Instructions for the task
What you return should be the full listing, copied exactly and stripped of its pictures.

----- Extracted entries -----

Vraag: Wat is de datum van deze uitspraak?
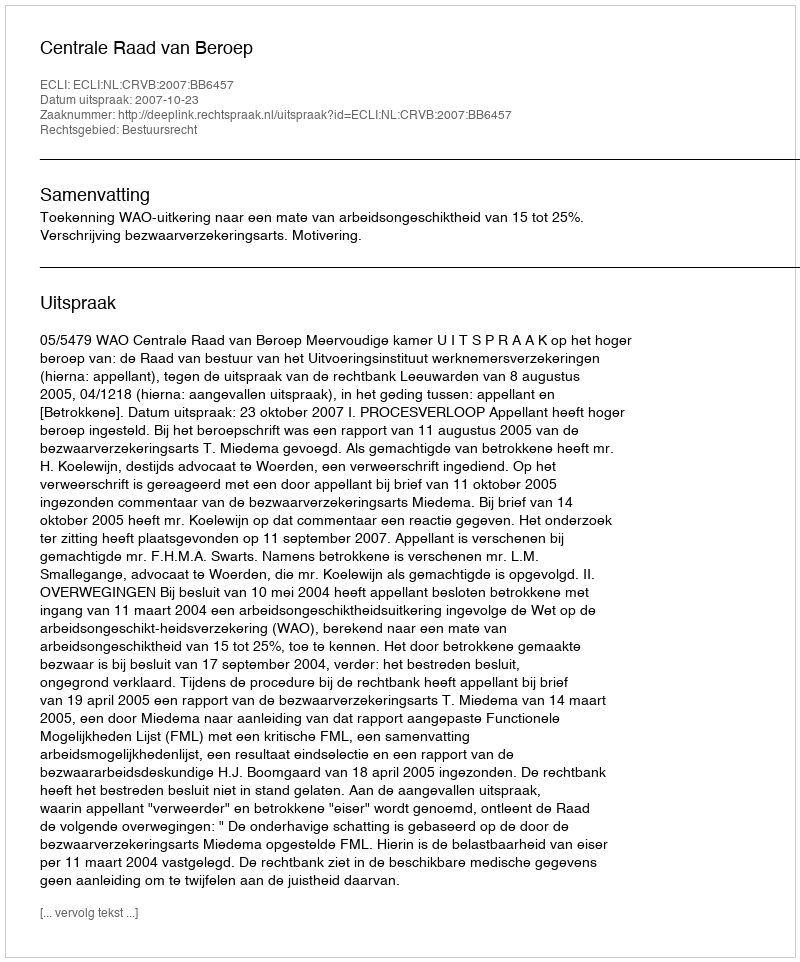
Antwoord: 2007-10-23
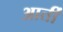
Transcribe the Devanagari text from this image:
आर्ती
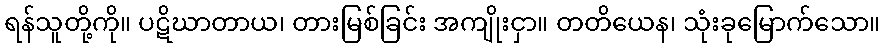
ရန်သူတို့ကို။ ပဋိဃာတာယ၊ တားမြစ်ခြင်း အကျိုးငှာ။ တတိယေန၊ သုံးခုမြောက်သော။

-----

Your solution
Vraag: Wat is de datum van deze uitspraak?
Antwoord: 2007-10-23
Transcribe the Devanagari text from this image:
आर्ती
ရန်သူတို့ကို။ ပဋိဃာတာယ၊ တားမြစ်ခြင်း အကျိုးငှာ။ တတိယေန၊ သုံးခုမြောက်သော။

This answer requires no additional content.